■ **Work to complete**: Print the records below word for word, but leave out the pictures.

——

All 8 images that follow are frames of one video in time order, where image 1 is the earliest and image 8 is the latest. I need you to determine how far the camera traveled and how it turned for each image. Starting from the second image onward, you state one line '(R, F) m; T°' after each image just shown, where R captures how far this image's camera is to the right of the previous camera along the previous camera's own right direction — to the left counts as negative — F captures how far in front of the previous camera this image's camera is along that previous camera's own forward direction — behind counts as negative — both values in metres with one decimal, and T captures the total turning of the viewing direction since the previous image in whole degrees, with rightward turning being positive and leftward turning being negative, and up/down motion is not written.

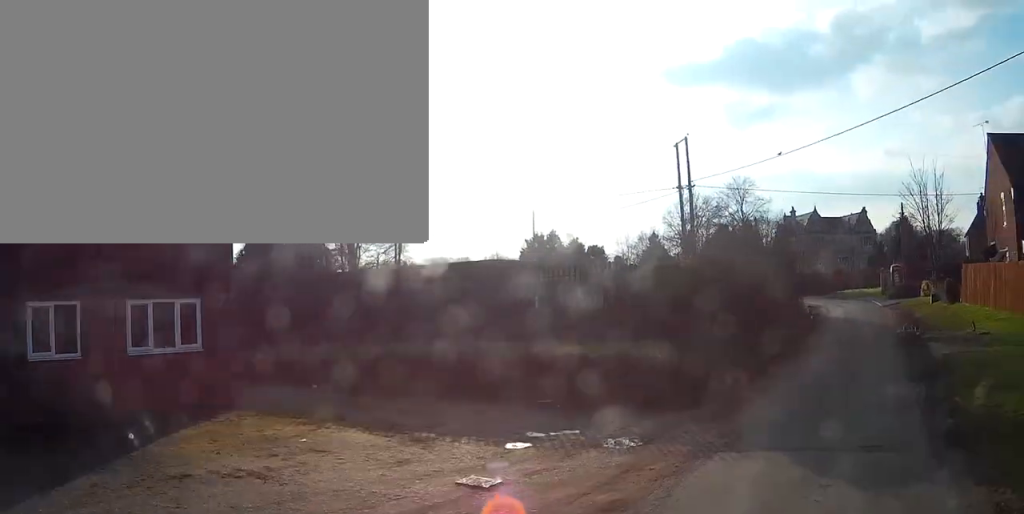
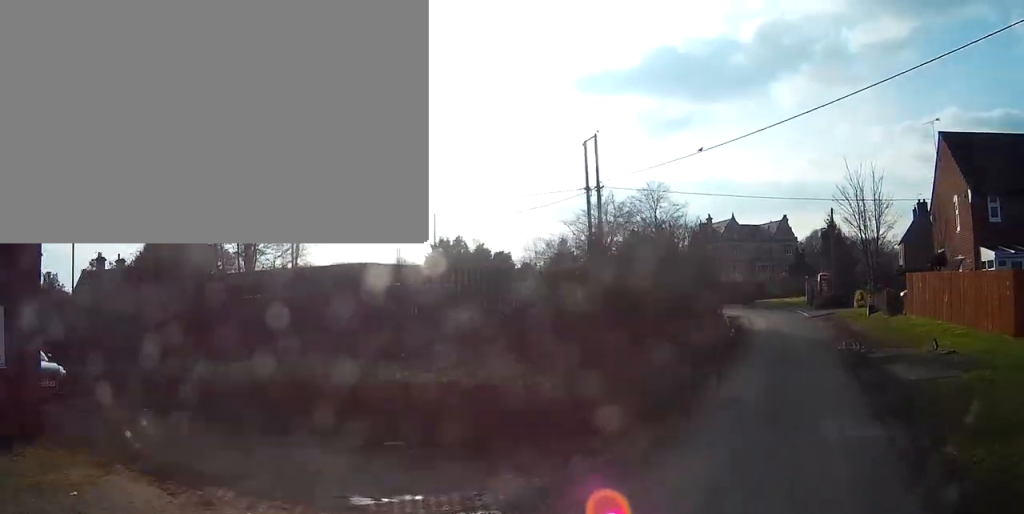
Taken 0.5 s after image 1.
(+0.4, +3.1) m; +8°
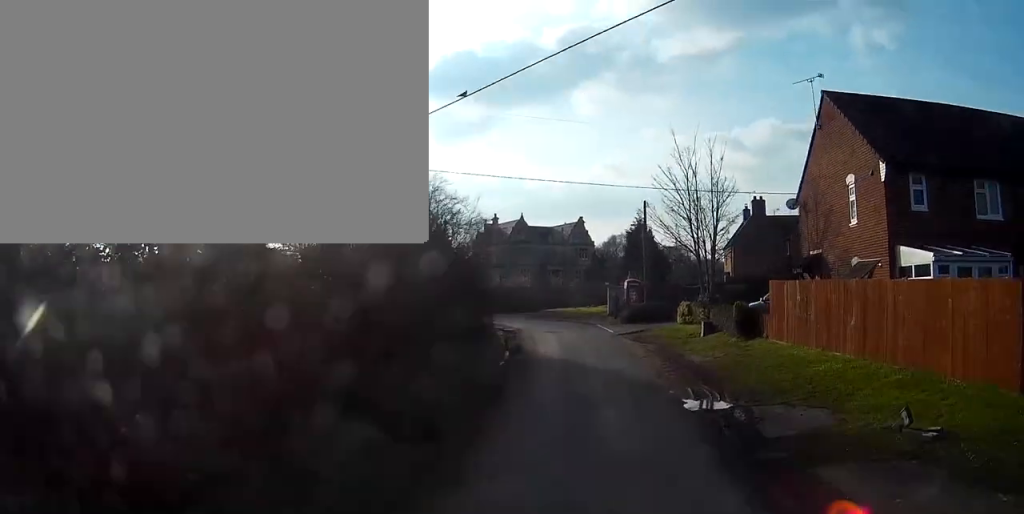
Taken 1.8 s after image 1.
(+1.6, +8.8) m; +14°
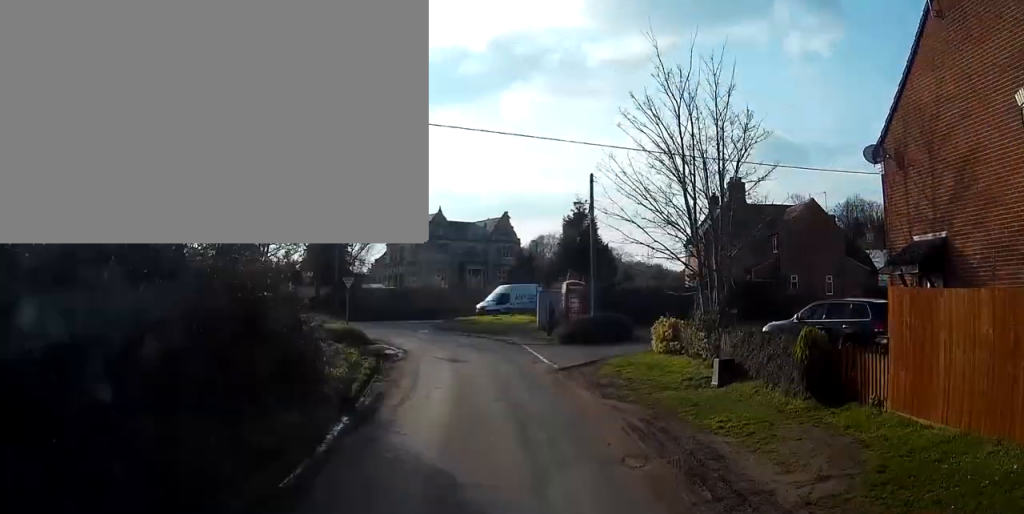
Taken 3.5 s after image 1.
(+0.4, +11.9) m; +3°
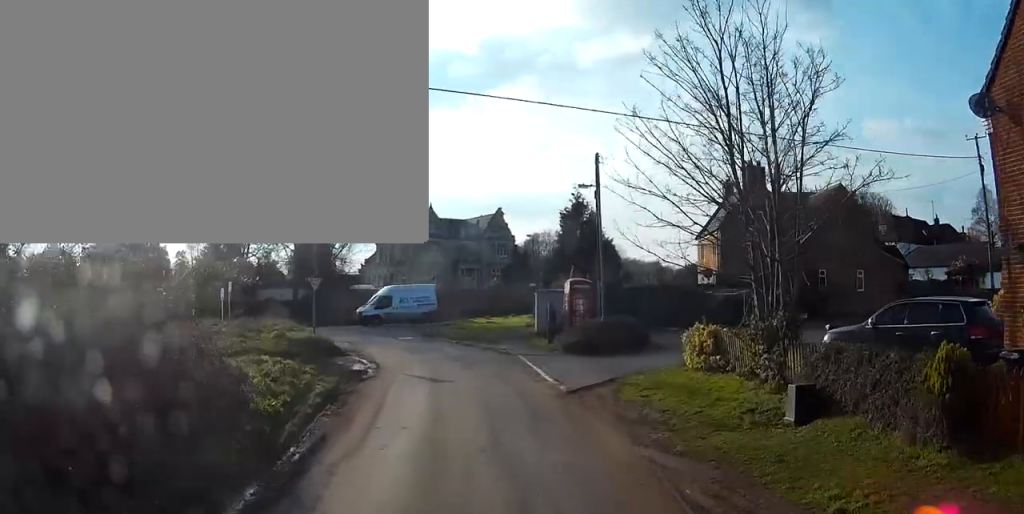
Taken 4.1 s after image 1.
(0.0, +4.3) m; +1°
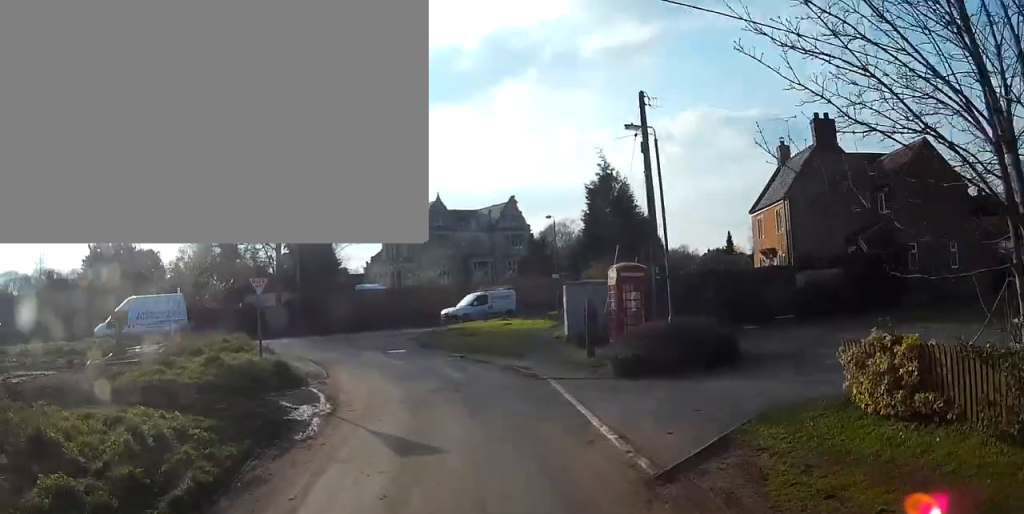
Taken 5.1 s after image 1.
(+0.2, +7.6) m; +1°
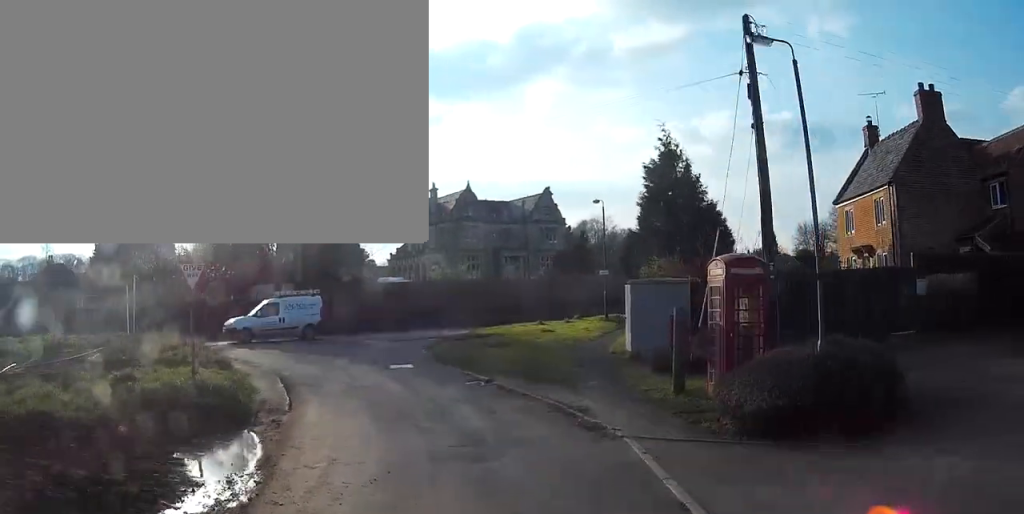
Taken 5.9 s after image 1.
(0.0, +6.5) m; 0°
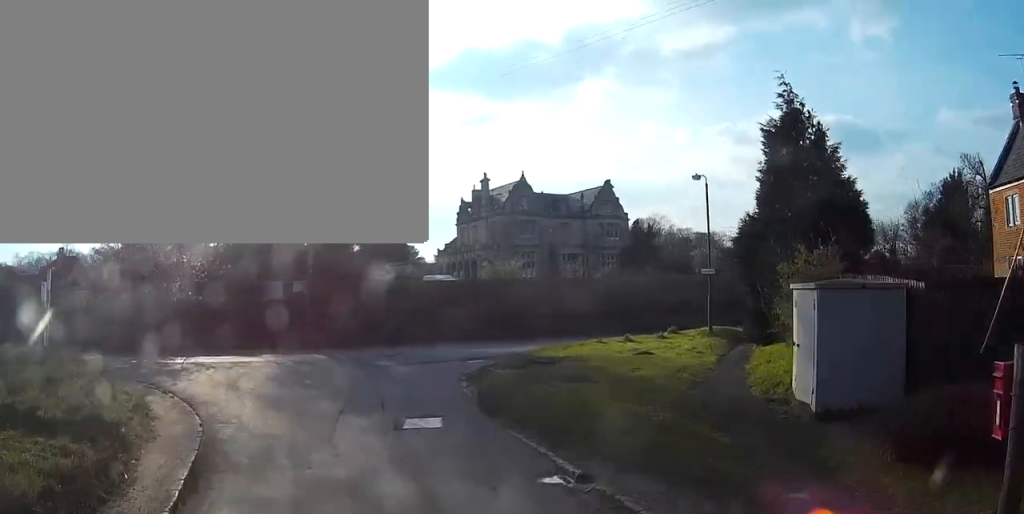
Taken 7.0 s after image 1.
(-0.1, +8.3) m; -5°

——

■ **Exercise response**:
All 8 images that follow are frames of one video in time order, where image 1 is the earliest and image 8 is the latest. I need you to determine how far the camera traveled and how it turned for each image. Starting from the second image onward, you state one line '(R, F) m; T°' after each image just shown, where R captures how far this image's camera is to the right of the previous camera along the previous camera's own right direction — to the left counts as negative — F captures how far in front of the previous camera this image's camera is along that previous camera's own forward direction — behind counts as negative — both values in metres with one decimal, and T captures the total turning of the viewing direction since the previous image in whole degrees, with rightward turning being positive and leftward turning being negative, and up/down motion is not written.

Taken 0.5 s after image 1.
(+0.4, +3.1) m; +8°
Taken 1.8 s after image 1.
(+1.6, +8.8) m; +14°
Taken 3.5 s after image 1.
(+0.4, +11.9) m; +3°
Taken 4.1 s after image 1.
(0.0, +4.3) m; +1°
Taken 5.1 s after image 1.
(+0.2, +7.6) m; +1°
Taken 5.9 s after image 1.
(0.0, +6.5) m; 0°
Taken 7.0 s after image 1.
(-0.1, +8.3) m; -5°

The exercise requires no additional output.